Changes in cell polarity are prerequisites for diseases such as tumor metastasis. The Rho protein family, which plays a crucial role in forming cell polarity, is regulated by Rho GDP dissociation inhibitor α (RhoGDIα). However, the academic community has always believed that the activity of the RhoGDIα protein is only regulated by the Rho protein family. Due to the lack of effective tools to observe its activity in living cells in real-time, the activity distribution of RhoGDIα protein in cells has never been detected. To address this issue, Professor Liu Bo's team from our school utilized FRET technology and successfully constructed a sl-RhoGDIα biological probe that can dynamically detect RhoGDIα activity changes in live cells. They further applied this probe for an in-depth study of the polarity changes of tumor cells under shear stress. The results for the first time show that external shear stress leads to uneven distribution of cell membrane fluidity, transmitting stress from the outside of the cell to the inside, and propagating it along the filaments connected to the cell membrane. This process activates the Src protein on the filaments to phosphorylate RhoGDIα through its polarization stress sensor. This discovery process has changed the long-standing viewpoint in the academic world, indicating that the activity regulation pathways of RhoGDIα and the Rho protein family are relatively independent, and there is no direct connection between the two.
Schematic diagram of shear stress activating RhoGDIα and the sl-RhoGDIα probe.

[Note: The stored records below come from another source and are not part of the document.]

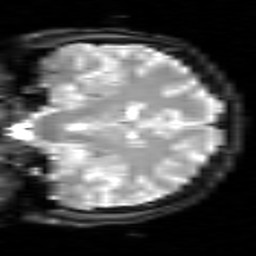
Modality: inplaneT2
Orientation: coronal
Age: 21
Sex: female
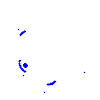
Particle: pion
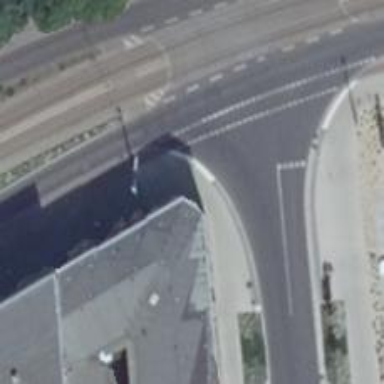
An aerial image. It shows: Uncontrolled road crossing with pedestrian island.
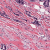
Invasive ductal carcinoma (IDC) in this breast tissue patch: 1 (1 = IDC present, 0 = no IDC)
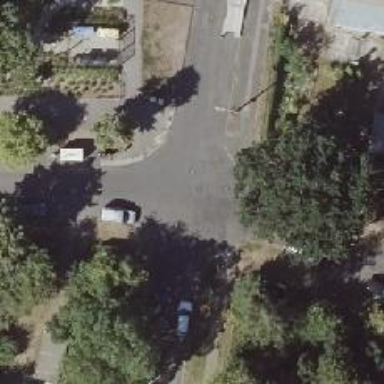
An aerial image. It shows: Smooth asphalt road in residential area.
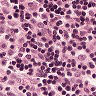
Metastatic tissue present: no
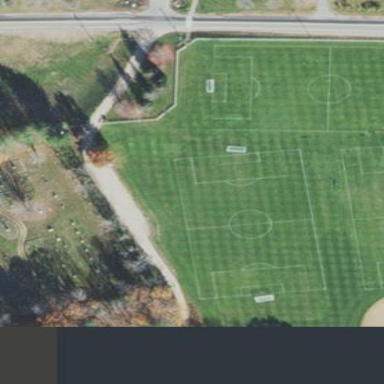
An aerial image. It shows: Hockey pitch for leisure sports activities.
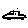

The research was funded by the National Natural Science Foundation (No. 31670867, 31670961, 11532004). The co-first authors of the paper are former graduate student Shao Shuai from DUT’s School of Biomedical Engineering (currently a doctoral student in the Department of Information Technology at the University of Oulu, Finland) and Professor Liao Xiaoling from Chongqing University of Science and Technology. Professor Liu Bo is the corresponding author of the paper.
Communications Biology is a newly launched open-access journal under Nature, focusing on cutting-edge research in the life sciences field.